Des Weiteren ist die Sichtbarkeit von LGBTQIA+* – Repräsentationen in Medien nicht außer Acht zu lassen. Durch den Anstieg von Repräsentationen in traditionellen und neuen Medien über die letzten Jahre hinweg werden auch LGBTQIA+* – Identitäten vermehrt zugänglich für alle Menschen gemacht, da vor allem für viele genau dort erstmalige Berührungspunkte zu dem Thema hergestellt werden (vgl. Craig & McInroy 2017: 33).
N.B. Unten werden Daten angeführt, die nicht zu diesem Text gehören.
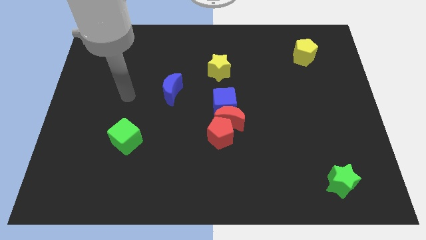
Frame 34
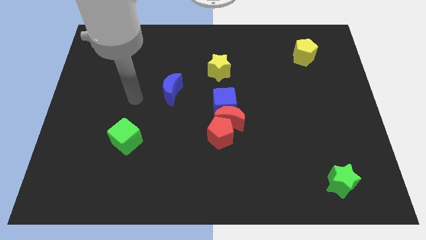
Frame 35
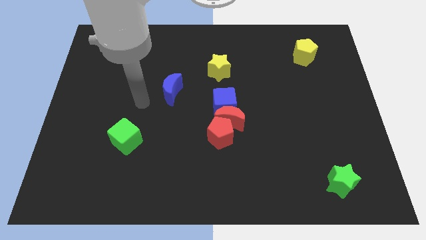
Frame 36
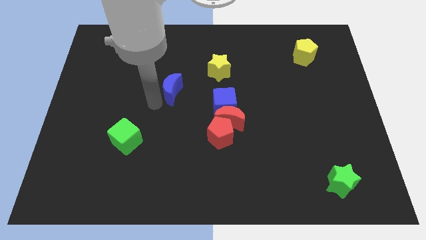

Obwohl es seit Mitte der 1990er Jahre eine große Verbesserung von Vertretungen in den Medien gibt, sind LGBTQIA+* – Menschen immer noch überwiegend unterrepräsentiert, da vor allem auch viele Mitglieder der Community zum Ausdruck gebracht haben, dass nicht nur die Menge, sondern auch die Qualität der Repräsentationen eine maßgebliche Rolle für sie einnehmen. Dies ist nicht verwunderlich, da viele queere Charaktere in Shows oder ähnlichem überwiegend negativ konnotierten Stereotypen nachempfunden werden. So stellen diese häufig Bösewichte, Opfer von Gewalt und Diskriminierung sowie Schutzbedürftige dar (vgl. Craig und McInroy 2017: 35). Diese Bilder spiegeln nicht die Lebensrealitäten der Personen wider. Es ist jedoch ein kleiner Aufschwung von mehr akkuraten und positiven Repräsentationen erkennbar, wofür die Filme und Serien Heart Stoppers, Wendel & Wild und Young Royals beispielhaft sein können.